Equal worth
THE serendipity of the moment could not have been more pronounced when, on Monday, the day before Women’s Day, the high court in Limpopo made a ruling that should have positive ramifications for thousands of women in polygamous marriages.
Its ruling that these women now have rights equal to those who enter into civil unions is remarkable because it reminds us again of the paramountcy of the constitution and the values of our supreme law.
This would not be the first time that, where there has been a conflict between the laws of custom or religion and common law, the constitution is shown to be the foundation on which contradictory legal systems may co-exist.
In allowing for freedom of religious practices and freedom of custom, it enshrines traditional rites – as long as these are not in conflict with its provisions.
Central to these are that all of us are equal before the law, and so, in terms of marriages, this has now extended very importantly to the key issues of inheritance and the duty of support. That the Limpopo High Court should have made its landmark ruling in Women’s Month matters, because it feels as if it is only once a year that we speak about the structural barriers of patriarchy.
And surely that section of the Recognition of Customary Marriages Act which the court found unjustifiably discriminated against women, had everything to do with this.
It treated gender, race and social origin as negative aspects of a life. This cannot be so.

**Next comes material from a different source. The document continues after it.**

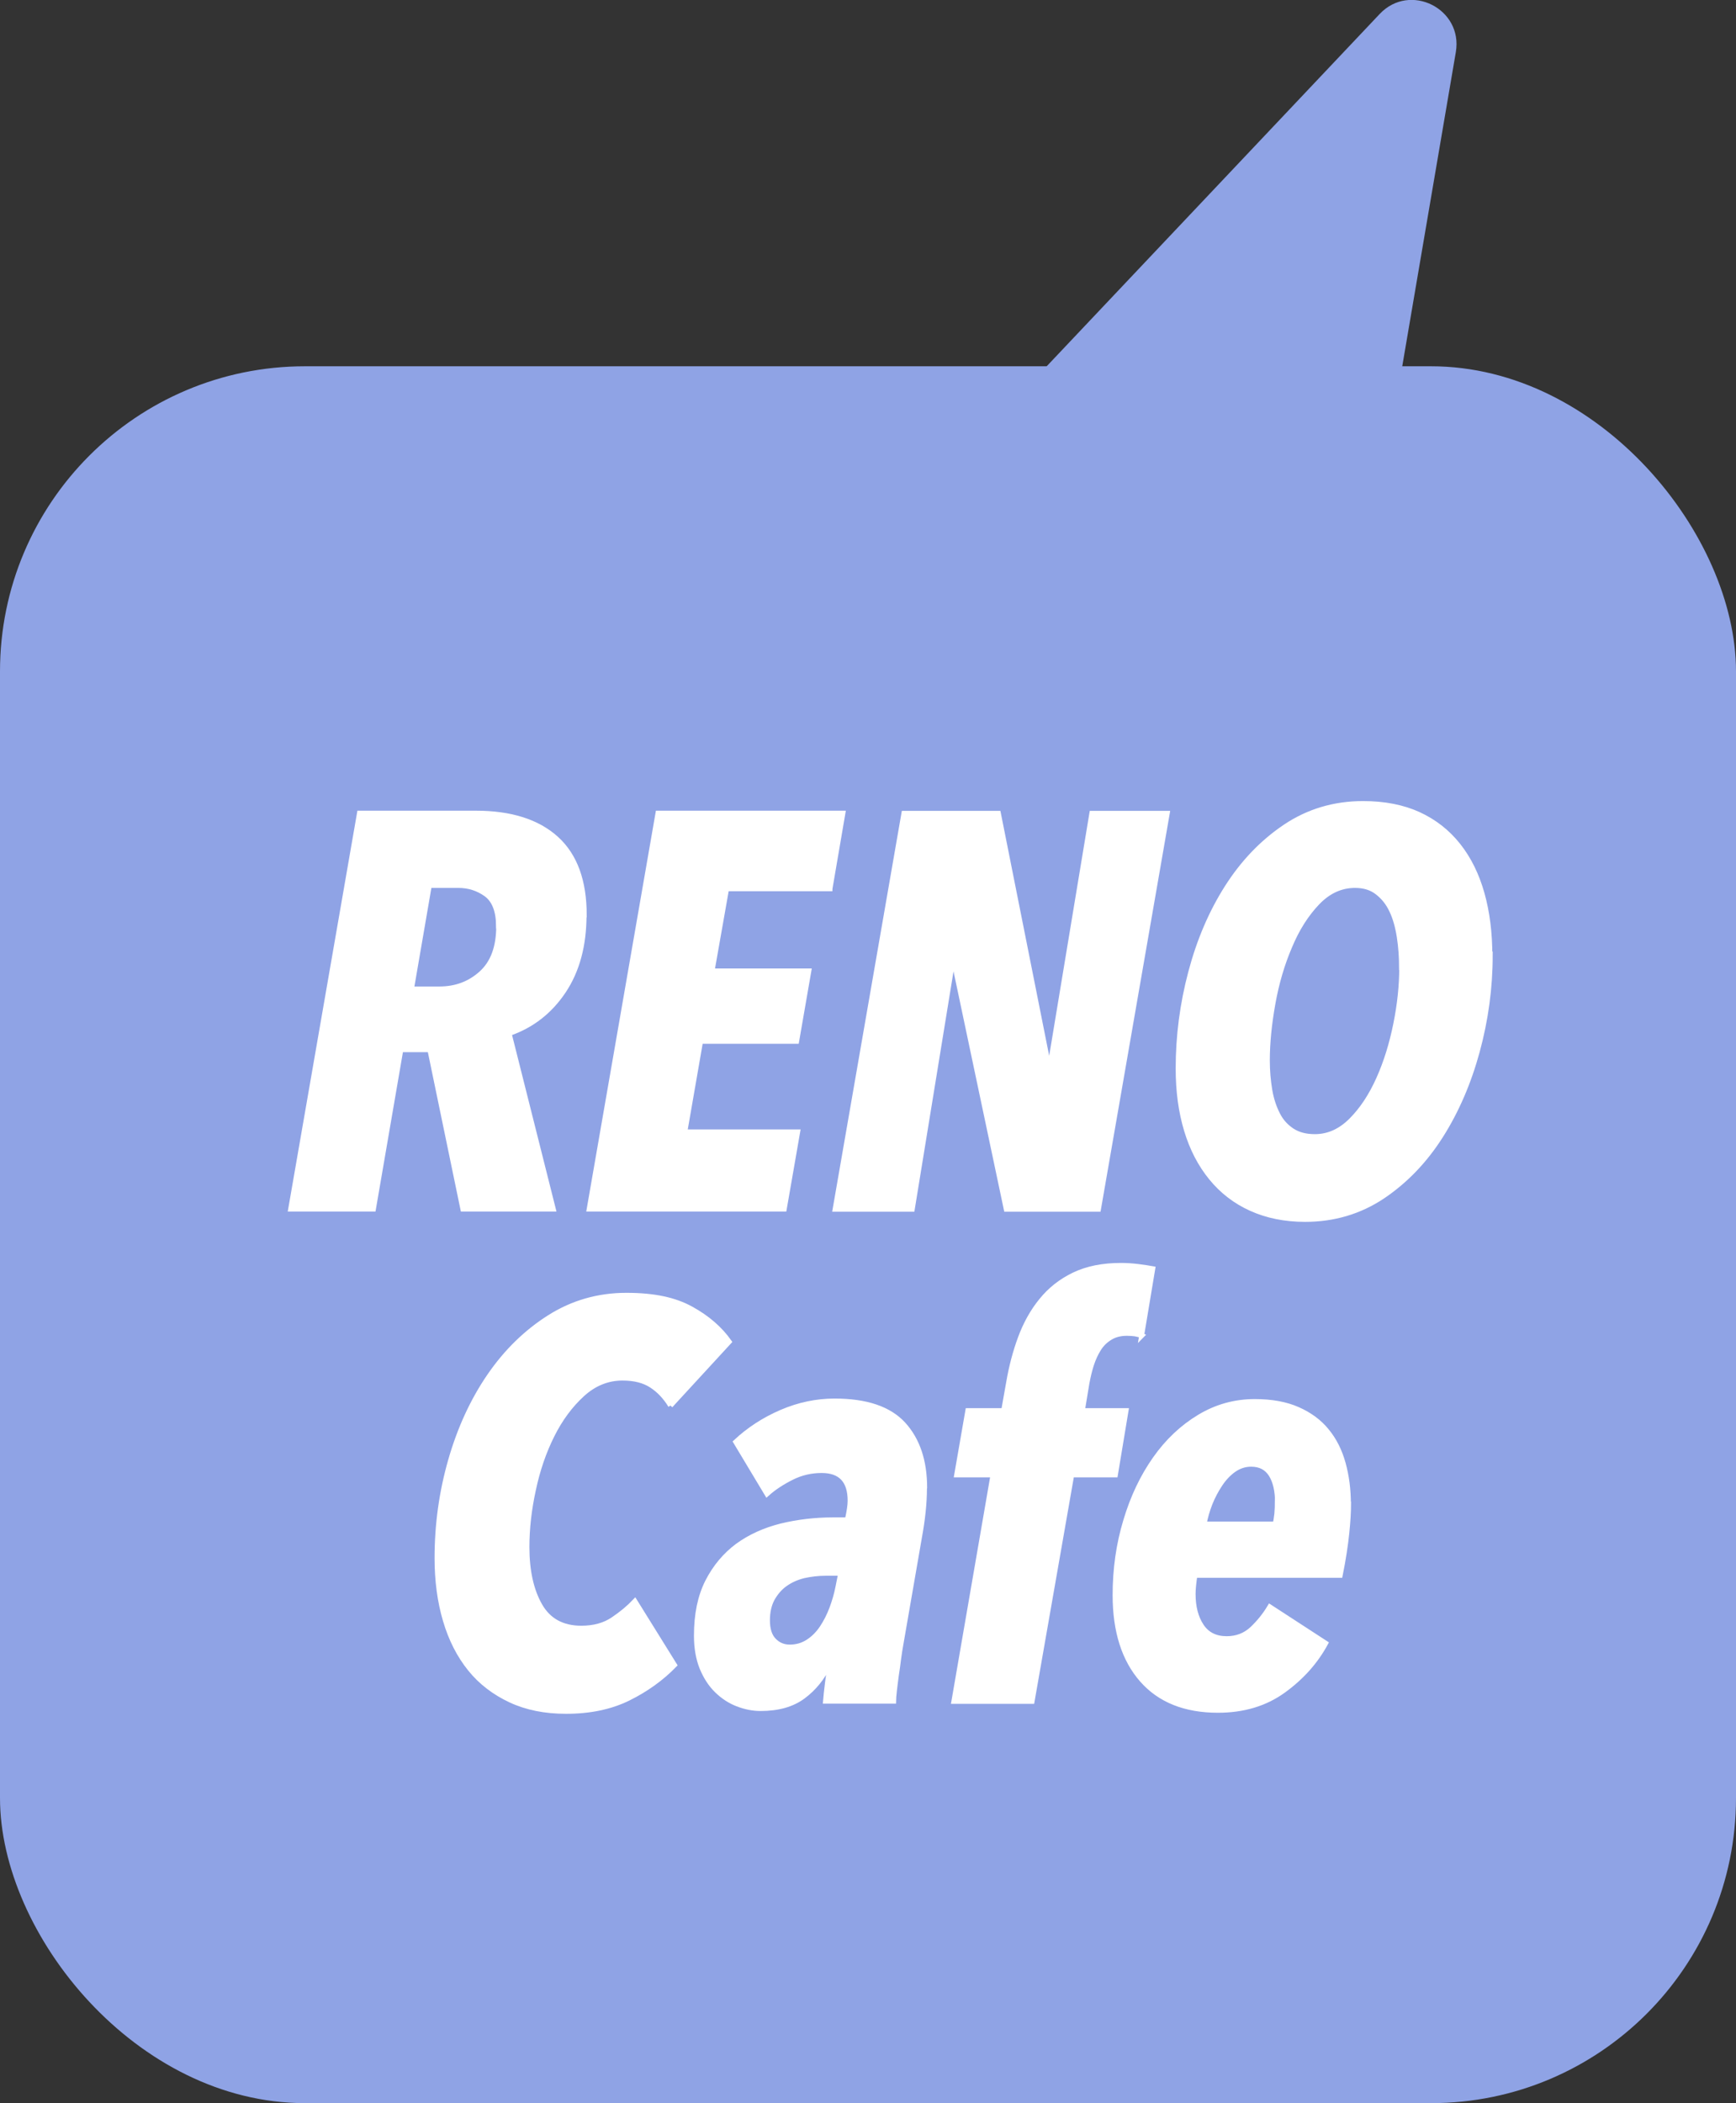 <?xml version="1.0" encoding="UTF-8"?><svg id="_レイヤー_2" xmlns="http://www.w3.org/2000/svg" viewBox="0 0 99.39 120.35"><rect x="0" y="0" width="99.39" height="120.35" fill="#333333" stroke="none"/><defs><style>.cls-1{fill:#8fa3e5;}.cls-2{fill:#fff;}.cls-3{fill:none;stroke:#fff;stroke-miterlimit:10;stroke-width:.28px;}</style></defs><g id="map_pin"><g id="pin"><path class="cls-1" d="M72.35,67.44L83.35,2.98c.42-2.48-2.63-4.01-4.36-2.18l-44.93,47.51c-.5.52-.34,1.38.3,1.7l36.44,18.2c.64.32,1.42-.07,1.54-.78Z"/><rect class="cls-1" y="20.96" width="99.39" height="99.39" rx="17.46" ry="17.46"/></g><path class="cls-2" d="M33.44,52.36c0,1.73-.39,3.18-1.17,4.35-.78,1.17-1.82,1.98-3.12,2.43l2.53,10.05h-5.18l-1.89-9.12h-1.66l-1.57,9.12h-4.74l3.94-22.66h6.66c2,0,3.54.49,4.61,1.46,1.07.97,1.6,2.43,1.6,4.37ZM28.54,53c0-.87-.24-1.48-.7-1.82-.47-.34-1-.51-1.6-.51h-1.66l-1.02,5.92h1.6c.94,0,1.74-.3,2.4-.9.66-.6.99-1.49.99-2.69Z"/><path class="cls-2" d="M47.52,50.86h-5.92l-.83,4.7h5.54l-.7,4.03h-5.5l-.9,5.18h6.46l-.77,4.42h-11.17l3.94-22.66h10.59l-.74,4.32Z"/><path class="cls-2" d="M62.89,69.2h-5.28l-2.98-14.11h-.1l-2.3,14.11h-4.42l3.94-22.66h5.41l2.85,14.3h.13l2.37-14.3h4.32l-3.94,22.66Z"/><path class="cls-2" d="M85.32,54.67c0,1.86-.25,3.69-.74,5.49-.49,1.8-1.19,3.42-2.1,4.85-.91,1.43-2.02,2.58-3.33,3.46-1.31.87-2.79,1.31-4.43,1.31-1.15,0-2.18-.21-3.09-.62s-1.67-1-2.29-1.76c-.62-.76-1.09-1.66-1.41-2.72-.32-1.06-.48-2.23-.48-3.54,0-1.86.24-3.69.72-5.5.48-1.81,1.17-3.43,2.08-4.86.91-1.43,2.02-2.59,3.33-3.47s2.8-1.33,4.46-1.33c1.22,0,2.28.21,3.18.62.91.42,1.66,1.01,2.27,1.78s1.06,1.69,1.36,2.75c.3,1.07.45,2.25.45,3.55ZM80.24,55.37c0-.6-.04-1.18-.13-1.76-.09-.58-.23-1.08-.43-1.5-.2-.43-.47-.77-.82-1.04-.34-.27-.77-.4-1.28-.4-.81,0-1.53.33-2.16.99-.63.66-1.16,1.49-1.58,2.5-.43,1-.75,2.09-.96,3.26s-.32,2.26-.32,3.26c0,.6.05,1.16.14,1.7s.25,1,.45,1.39c.2.4.48.7.83.93s.78.34,1.3.34c.77,0,1.46-.31,2.08-.93s1.14-1.41,1.57-2.37c.43-.96.75-2,.98-3.14s.34-2.21.34-3.23Z"/><path class="cls-2" d="M38.39,80.43c-.3-.49-.66-.87-1.09-1.15-.43-.28-.98-.42-1.66-.42-.85,0-1.62.31-2.3.93-.68.62-1.26,1.4-1.73,2.34-.47.94-.83,1.98-1.07,3.12-.25,1.14-.37,2.23-.37,3.28,0,1.37.25,2.48.74,3.34.49.86,1.28,1.3,2.37,1.3.73,0,1.33-.17,1.82-.5.49-.33.91-.68,1.25-1.04l2.27,3.65c-.75.77-1.63,1.4-2.64,1.9-1.01.5-2.2.75-3.57.75-1.2,0-2.26-.21-3.18-.64s-1.7-1.02-2.32-1.79-1.09-1.69-1.41-2.77c-.32-1.08-.48-2.27-.48-3.57,0-1.92.26-3.79.78-5.6.52-1.81,1.26-3.42,2.22-4.82.96-1.4,2.11-2.52,3.44-3.36,1.33-.84,2.8-1.26,4.4-1.26s2.77.26,3.7.77c.93.51,1.66,1.14,2.19,1.89l-3.36,3.65Z"/><path class="cls-2" d="M52.93,85.16c0,.85-.1,1.79-.29,2.82l-1.06,6.11c-.04.24-.09.51-.13.83-.04.32-.08.64-.13.94-.04.31-.08.6-.11.88-.03.28-.05.48-.05.61h-3.9c.02-.26.06-.6.11-1.02.05-.43.11-.78.18-1.06h-.1c-.36.75-.85,1.35-1.47,1.81-.62.46-1.43.69-2.43.69-.45,0-.89-.09-1.33-.26-.44-.17-.83-.43-1.18-.77-.35-.34-.63-.77-.85-1.3-.21-.52-.32-1.14-.32-1.84,0-1.22.21-2.24.64-3.09.43-.84,1-1.52,1.71-2.05.71-.52,1.55-.9,2.5-1.14.95-.23,1.95-.35,2.99-.35h.8c.11-.49.16-.85.16-1.09,0-1.15-.54-1.73-1.63-1.73-.6,0-1.17.13-1.71.4-.54.27-1.02.58-1.42.94l-1.79-2.98c.75-.7,1.62-1.27,2.62-1.7,1-.43,2.02-.64,3.04-.64,1.81,0,3.12.44,3.94,1.33.81.89,1.22,2.1,1.22,3.63ZM47.27,90.03c-.43,0-.84.05-1.25.14-.41.1-.76.26-1.07.48-.31.22-.55.51-.74.85-.18.34-.27.75-.27,1.22,0,.51.12.9.37,1.15.25.26.55.38.91.38.38,0,.73-.1,1.04-.3.31-.2.58-.47.8-.8.22-.33.41-.7.56-1.1.15-.4.27-.81.35-1.22l.16-.8h-.86Z"/><path class="cls-2" d="M65.37,76.43c-.11-.04-.24-.07-.38-.1-.15-.02-.31-.03-.48-.03-.36,0-.68.08-.94.24-.27.16-.49.37-.66.64-.17.27-.31.57-.42.91-.11.34-.19.69-.26,1.06l-.26,1.57h2.5l-.61,3.68h-2.5l-2.27,12.96h-4.48l2.24-12.96h-2.08l.64-3.68h2.05l.29-1.63c.15-.87.37-1.72.67-2.53.3-.81.7-1.53,1.2-2.14.5-.62,1.12-1.11,1.87-1.47.75-.36,1.64-.54,2.69-.54.3,0,.62.02.96.06.34.04.63.09.86.13l-.64,3.84Z"/><path class="cls-2" d="M77.21,86.06c0,.43-.03.98-.1,1.66s-.19,1.49-.38,2.43h-8.32c-.06.43-.1.78-.1,1.06,0,.75.16,1.36.48,1.84s.8.72,1.44.72c.58,0,1.06-.19,1.46-.56.39-.37.73-.79,1.01-1.26l3.2,2.08c-.58,1.07-1.39,1.97-2.43,2.72-1.04.75-2.29,1.12-3.74,1.12-1.88,0-3.33-.58-4.35-1.74-1.02-1.16-1.54-2.78-1.54-4.85,0-1.49.2-2.91.61-4.26.4-1.34.96-2.52,1.68-3.54.71-1.01,1.56-1.81,2.54-2.4.98-.59,2.04-.88,3.17-.88.96,0,1.78.15,2.46.45.68.3,1.24.71,1.66,1.23.43.52.74,1.14.94,1.86.2.72.3,1.49.3,2.32ZM73.14,86c0-.68-.12-1.22-.37-1.62-.25-.39-.62-.59-1.14-.59-.36,0-.69.11-.99.32-.3.21-.56.49-.78.82-.22.33-.42.7-.58,1.1-.16.41-.27.8-.34,1.18h4.06c.04-.13.07-.32.1-.58.02-.26.03-.47.03-.64Z"/><path class="cls-3" d="M33.44,52.36c0,1.73-.39,3.18-1.17,4.35-.78,1.17-1.82,1.98-3.12,2.43l2.53,10.05h-5.18l-1.89-9.12h-1.66l-1.57,9.12h-4.74l3.94-22.66h6.66c2,0,3.54.49,4.61,1.46,1.07.97,1.6,2.43,1.6,4.37ZM28.54,53c0-.87-.24-1.48-.7-1.82-.47-.34-1-.51-1.6-.51h-1.66l-1.02,5.92h1.6c.94,0,1.74-.3,2.4-.9.66-.6.99-1.49.99-2.69Z"/><path class="cls-3" d="M47.52,50.86h-5.92l-.83,4.7h5.54l-.7,4.03h-5.5l-.9,5.18h6.46l-.77,4.42h-11.17l3.94-22.66h10.59l-.74,4.32Z"/><path class="cls-3" d="M62.89,69.2h-5.28l-2.98-14.11h-.1l-2.3,14.11h-4.42l3.94-22.66h5.41l2.85,14.3h.13l2.37-14.3h4.32l-3.94,22.66Z"/><path class="cls-3" d="M85.32,54.67c0,1.86-.25,3.69-.74,5.49-.49,1.8-1.19,3.42-2.1,4.85-.91,1.43-2.02,2.58-3.33,3.46-1.31.87-2.79,1.31-4.43,1.31-1.15,0-2.18-.21-3.09-.62s-1.67-1-2.29-1.76c-.62-.76-1.09-1.66-1.41-2.72-.32-1.06-.48-2.23-.48-3.54,0-1.86.24-3.69.72-5.5.48-1.81,1.17-3.43,2.08-4.86.91-1.43,2.02-2.59,3.33-3.47s2.8-1.33,4.46-1.33c1.22,0,2.28.21,3.18.62.91.42,1.66,1.01,2.27,1.78s1.06,1.69,1.36,2.75c.3,1.07.45,2.25.45,3.55ZM80.24,55.37c0-.6-.04-1.18-.13-1.76-.09-.58-.23-1.08-.43-1.5-.2-.43-.47-.77-.82-1.04-.34-.27-.77-.4-1.28-.4-.81,0-1.53.33-2.16.99-.63.66-1.16,1.49-1.58,2.5-.43,1-.75,2.09-.96,3.26s-.32,2.26-.32,3.26c0,.6.05,1.16.14,1.7s.25,1,.45,1.39c.2.4.48.7.83.93s.78.34,1.3.34c.77,0,1.46-.31,2.08-.93s1.14-1.41,1.57-2.37c.43-.96.75-2,.98-3.14s.34-2.21.34-3.23Z"/><path class="cls-3" d="M38.39,80.43c-.3-.49-.66-.87-1.09-1.15-.43-.28-.98-.42-1.66-.42-.85,0-1.62.31-2.3.93-.68.62-1.26,1.4-1.73,2.34-.47.94-.83,1.98-1.07,3.12-.25,1.14-.37,2.23-.37,3.28,0,1.37.25,2.48.74,3.34.49.86,1.28,1.3,2.37,1.3.73,0,1.33-.17,1.82-.5.49-.33.91-.68,1.25-1.04l2.27,3.65c-.75.77-1.63,1.4-2.64,1.9-1.01.5-2.2.75-3.57.75-1.2,0-2.26-.21-3.18-.64s-1.7-1.02-2.32-1.79-1.09-1.69-1.41-2.77c-.32-1.08-.48-2.27-.48-3.57,0-1.92.26-3.79.78-5.6.52-1.81,1.26-3.42,2.22-4.82.96-1.4,2.11-2.52,3.44-3.36,1.33-.84,2.8-1.26,4.4-1.26s2.77.26,3.7.77c.93.51,1.66,1.14,2.19,1.89l-3.36,3.65Z"/><path class="cls-3" d="M52.93,85.16c0,.85-.1,1.79-.29,2.82l-1.06,6.11c-.04.24-.09.51-.13.83-.04.32-.08.64-.13.94-.04.31-.08.6-.11.88-.03.28-.05.48-.05.61h-3.9c.02-.26.06-.6.11-1.02.05-.43.11-.78.18-1.06h-.1c-.36.75-.85,1.35-1.47,1.81-.62.46-1.43.69-2.43.69-.45,0-.89-.09-1.33-.26-.44-.17-.83-.43-1.18-.77-.35-.34-.63-.77-.85-1.3-.21-.52-.32-1.14-.32-1.84,0-1.22.21-2.24.64-3.09.43-.84,1-1.52,1.71-2.05.71-.52,1.55-.9,2.5-1.14.95-.23,1.95-.35,2.99-.35h.8c.11-.49.16-.85.16-1.09,0-1.15-.54-1.73-1.63-1.73-.6,0-1.17.13-1.71.4-.54.27-1.02.58-1.42.94l-1.79-2.98c.75-.7,1.62-1.27,2.62-1.7,1-.43,2.02-.64,3.04-.64,1.81,0,3.12.44,3.94,1.33.81.89,1.22,2.1,1.22,3.63ZM47.27,90.03c-.43,0-.84.05-1.25.14-.41.1-.76.26-1.07.48-.31.22-.55.51-.74.85-.18.34-.27.75-.27,1.22,0,.51.12.9.37,1.15.25.26.55.38.91.38.38,0,.73-.1,1.04-.3.31-.2.58-.47.8-.8.22-.33.41-.7.56-1.1.15-.4.27-.81.35-1.22l.16-.8h-.86Z"/><path class="cls-3" d="M65.37,76.43c-.11-.04-.24-.07-.38-.1-.15-.02-.31-.03-.48-.03-.36,0-.68.08-.94.24-.27.16-.49.37-.66.64-.17.27-.31.57-.42.91-.11.34-.19.69-.26,1.06l-.26,1.57h2.5l-.61,3.68h-2.5l-2.27,12.96h-4.48l2.24-12.96h-2.08l.64-3.68h2.05l.29-1.63c.15-.87.37-1.72.67-2.53.3-.81.7-1.53,1.2-2.14.5-.62,1.12-1.11,1.87-1.47.75-.36,1.64-.54,2.69-.54.3,0,.62.02.96.06.34.04.63.09.86.13l-.64,3.84Z"/><path class="cls-3" d="M77.21,86.06c0,.43-.03.98-.1,1.66s-.19,1.49-.38,2.43h-8.32c-.06.43-.1.78-.1,1.06,0,.75.16,1.36.48,1.84s.8.72,1.44.72c.58,0,1.06-.19,1.46-.56.39-.37.73-.79,1.01-1.26l3.2,2.08c-.58,1.07-1.39,1.97-2.43,2.72-1.04.75-2.29,1.12-3.74,1.12-1.88,0-3.33-.58-4.35-1.74-1.02-1.16-1.54-2.78-1.54-4.85,0-1.49.2-2.91.61-4.26.4-1.34.96-2.52,1.68-3.54.71-1.01,1.56-1.81,2.54-2.4.98-.59,2.04-.88,3.17-.88.96,0,1.78.15,2.46.45.68.3,1.24.71,1.66,1.23.43.52.74,1.14.94,1.86.2.72.3,1.49.3,2.32ZM73.14,86c0-.68-.12-1.22-.37-1.62-.25-.39-.62-.59-1.14-.59-.36,0-.69.11-.99.32-.3.21-.56.49-.78.82-.22.33-.42.7-.58,1.1-.16.41-.27.8-.34,1.18h4.06c.04-.13.07-.32.1-.58.02-.26.03-.47.03-.64Z"/></g></svg>

The judgment, relating as it does to women who entered into polygamous customary marriages before November 2000, could especially change the outlook for many older women living inr circumstances of poverty in the rural areas. They and their children are now, finally, protected in terms of whatever assets might be available.
At the heart of this judgment, then, is a concept of equal worth, one in which those women kept in chains may now be assisted to set themselves free.
Let’s celebrate it.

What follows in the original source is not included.